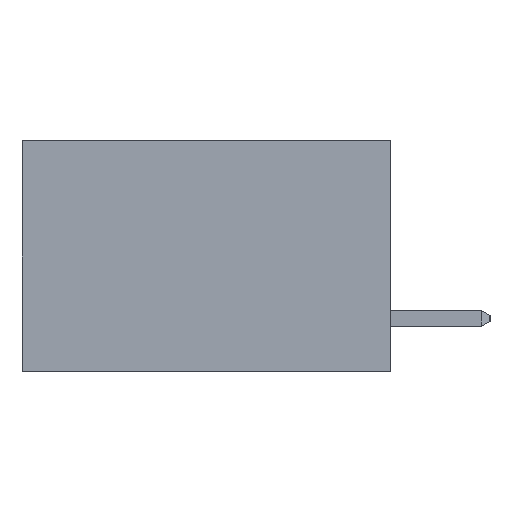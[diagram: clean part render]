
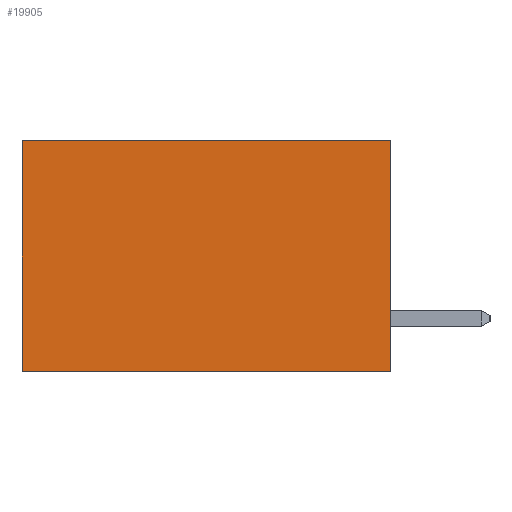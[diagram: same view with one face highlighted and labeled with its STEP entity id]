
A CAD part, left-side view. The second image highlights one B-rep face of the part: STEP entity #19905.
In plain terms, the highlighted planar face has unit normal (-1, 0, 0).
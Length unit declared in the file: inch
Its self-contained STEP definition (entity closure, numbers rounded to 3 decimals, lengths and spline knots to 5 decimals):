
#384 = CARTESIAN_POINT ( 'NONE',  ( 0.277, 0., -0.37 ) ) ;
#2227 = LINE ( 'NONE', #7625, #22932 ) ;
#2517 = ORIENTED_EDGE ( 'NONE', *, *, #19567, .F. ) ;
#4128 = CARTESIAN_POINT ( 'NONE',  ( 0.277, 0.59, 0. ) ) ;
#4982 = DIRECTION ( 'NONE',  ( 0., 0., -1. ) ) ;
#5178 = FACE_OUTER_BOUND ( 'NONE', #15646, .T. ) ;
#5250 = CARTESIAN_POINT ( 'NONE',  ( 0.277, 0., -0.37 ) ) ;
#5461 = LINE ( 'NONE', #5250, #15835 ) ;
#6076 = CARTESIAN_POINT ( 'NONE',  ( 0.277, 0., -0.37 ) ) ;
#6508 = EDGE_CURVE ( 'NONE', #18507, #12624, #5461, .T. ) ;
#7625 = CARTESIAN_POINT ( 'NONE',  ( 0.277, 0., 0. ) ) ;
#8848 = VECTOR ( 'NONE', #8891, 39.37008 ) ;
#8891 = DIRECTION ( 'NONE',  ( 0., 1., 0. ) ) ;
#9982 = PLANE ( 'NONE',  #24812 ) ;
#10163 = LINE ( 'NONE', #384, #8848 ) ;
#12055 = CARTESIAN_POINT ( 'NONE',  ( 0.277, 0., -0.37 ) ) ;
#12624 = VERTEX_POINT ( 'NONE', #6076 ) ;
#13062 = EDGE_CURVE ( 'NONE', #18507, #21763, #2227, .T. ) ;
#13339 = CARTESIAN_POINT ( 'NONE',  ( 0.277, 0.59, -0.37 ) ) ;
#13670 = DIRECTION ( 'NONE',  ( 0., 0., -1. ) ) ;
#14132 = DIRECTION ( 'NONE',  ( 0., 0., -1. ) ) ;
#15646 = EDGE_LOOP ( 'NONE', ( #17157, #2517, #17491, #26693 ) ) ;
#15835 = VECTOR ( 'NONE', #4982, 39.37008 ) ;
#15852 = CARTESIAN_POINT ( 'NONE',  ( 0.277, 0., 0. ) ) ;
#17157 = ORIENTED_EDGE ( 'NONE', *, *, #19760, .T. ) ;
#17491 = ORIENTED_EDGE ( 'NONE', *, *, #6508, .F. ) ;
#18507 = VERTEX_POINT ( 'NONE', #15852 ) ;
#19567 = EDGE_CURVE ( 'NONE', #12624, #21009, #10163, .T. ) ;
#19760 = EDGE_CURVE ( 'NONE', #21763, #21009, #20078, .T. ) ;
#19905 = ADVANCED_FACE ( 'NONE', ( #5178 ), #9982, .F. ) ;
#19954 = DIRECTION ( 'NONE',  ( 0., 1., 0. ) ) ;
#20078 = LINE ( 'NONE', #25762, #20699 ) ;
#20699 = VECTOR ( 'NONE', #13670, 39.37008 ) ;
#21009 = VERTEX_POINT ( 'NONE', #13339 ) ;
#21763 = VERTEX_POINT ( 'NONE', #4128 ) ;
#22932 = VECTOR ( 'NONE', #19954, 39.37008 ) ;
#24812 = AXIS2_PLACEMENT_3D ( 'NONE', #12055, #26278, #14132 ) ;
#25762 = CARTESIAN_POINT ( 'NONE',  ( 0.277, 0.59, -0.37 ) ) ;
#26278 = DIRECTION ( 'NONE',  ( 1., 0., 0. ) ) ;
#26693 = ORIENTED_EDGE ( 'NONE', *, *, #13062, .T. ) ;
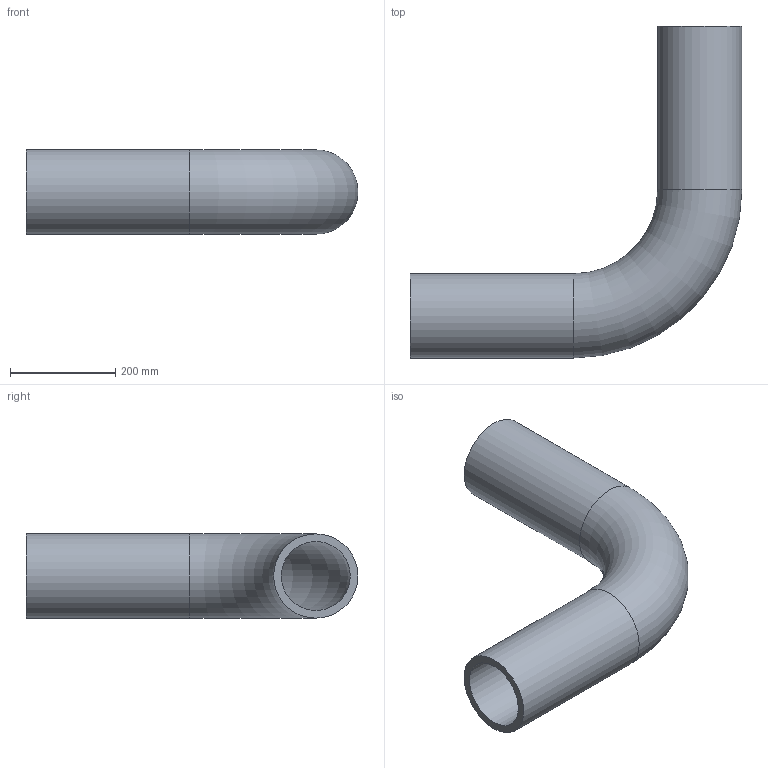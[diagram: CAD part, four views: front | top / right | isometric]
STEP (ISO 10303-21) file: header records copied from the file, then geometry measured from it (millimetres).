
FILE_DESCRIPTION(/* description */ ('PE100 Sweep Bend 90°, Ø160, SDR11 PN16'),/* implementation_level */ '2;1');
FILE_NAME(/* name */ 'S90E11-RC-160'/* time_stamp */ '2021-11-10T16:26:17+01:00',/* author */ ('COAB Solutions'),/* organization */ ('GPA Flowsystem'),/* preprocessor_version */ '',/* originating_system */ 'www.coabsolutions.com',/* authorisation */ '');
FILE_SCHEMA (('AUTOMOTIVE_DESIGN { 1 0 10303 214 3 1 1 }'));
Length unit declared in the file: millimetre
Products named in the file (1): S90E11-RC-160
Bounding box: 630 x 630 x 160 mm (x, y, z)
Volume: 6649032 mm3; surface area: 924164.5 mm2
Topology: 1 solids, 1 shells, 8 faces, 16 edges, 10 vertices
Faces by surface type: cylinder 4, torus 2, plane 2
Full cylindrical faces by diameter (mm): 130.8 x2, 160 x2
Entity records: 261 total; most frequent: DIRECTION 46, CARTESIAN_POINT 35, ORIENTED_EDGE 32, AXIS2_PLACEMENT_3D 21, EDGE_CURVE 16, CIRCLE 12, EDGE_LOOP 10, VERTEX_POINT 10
──────────────────────────────
**What the task asks**
Word for word, repeat the lines above from the one with "#19954 = DIRECTION" through the one with "Full cylindrical faces", and nothing beyond them. Omit the pictures.

**Response below**
#19954 = DIRECTION ( 'NONE',  ( 0., 1., 0. ) ) ;
#20078 = LINE ( 'NONE', #25762, #20699 ) ;
#20699 = VECTOR ( 'NONE', #13670, 39.37008 ) ;
#21009 = VERTEX_POINT ( 'NONE', #13339 ) ;
#21763 = VERTEX_POINT ( 'NONE', #4128 ) ;
#22932 = VECTOR ( 'NONE', #19954, 39.37008 ) ;
#24812 = AXIS2_PLACEMENT_3D ( 'NONE', #12055, #26278, #14132 ) ;
#25762 = CARTESIAN_POINT ( 'NONE',  ( 0.277, 0.59, -0.37 ) ) ;
#26278 = DIRECTION ( 'NONE',  ( 1., 0., 0. ) ) ;
#26693 = ORIENTED_EDGE ( 'NONE', *, *, #13062, .T. ) ;
[diagram: CAD part, four views: front | top / right | isometric]
STEP (ISO 10303-21) file: header records copied from the file, then geometry measured from it (millimetres).
FILE_DESCRIPTION(/* description */ ('PE100 Sweep Bend 90°, Ø160, SDR11 PN16'),/* implementation_level */ '2;1');
FILE_NAME(/* name */ 'S90E11-RC-160'/* time_stamp */ '2021-11-10T16:26:17+01:00',/* author */ ('COAB Solutions'),/* organization */ ('GPA Flowsystem'),/* preprocessor_version */ '',/* originating_system */ 'www.coabsolutions.com',/* authorisation */ '');
FILE_SCHEMA (('AUTOMOTIVE_DESIGN { 1 0 10303 214 3 1 1 }'));
Length unit declared in the file: millimetre
Products named in the file (1): S90E11-RC-160
Bounding box: 630 x 630 x 160 mm (x, y, z)
Volume: 6649032 mm3; surface area: 924164.5 mm2
Topology: 1 solids, 1 shells, 8 faces, 16 edges, 10 vertices
Faces by surface type: cylinder 4, torus 2, plane 2
Full cylindrical faces by diameter (mm): 130.8 x2, 160 x2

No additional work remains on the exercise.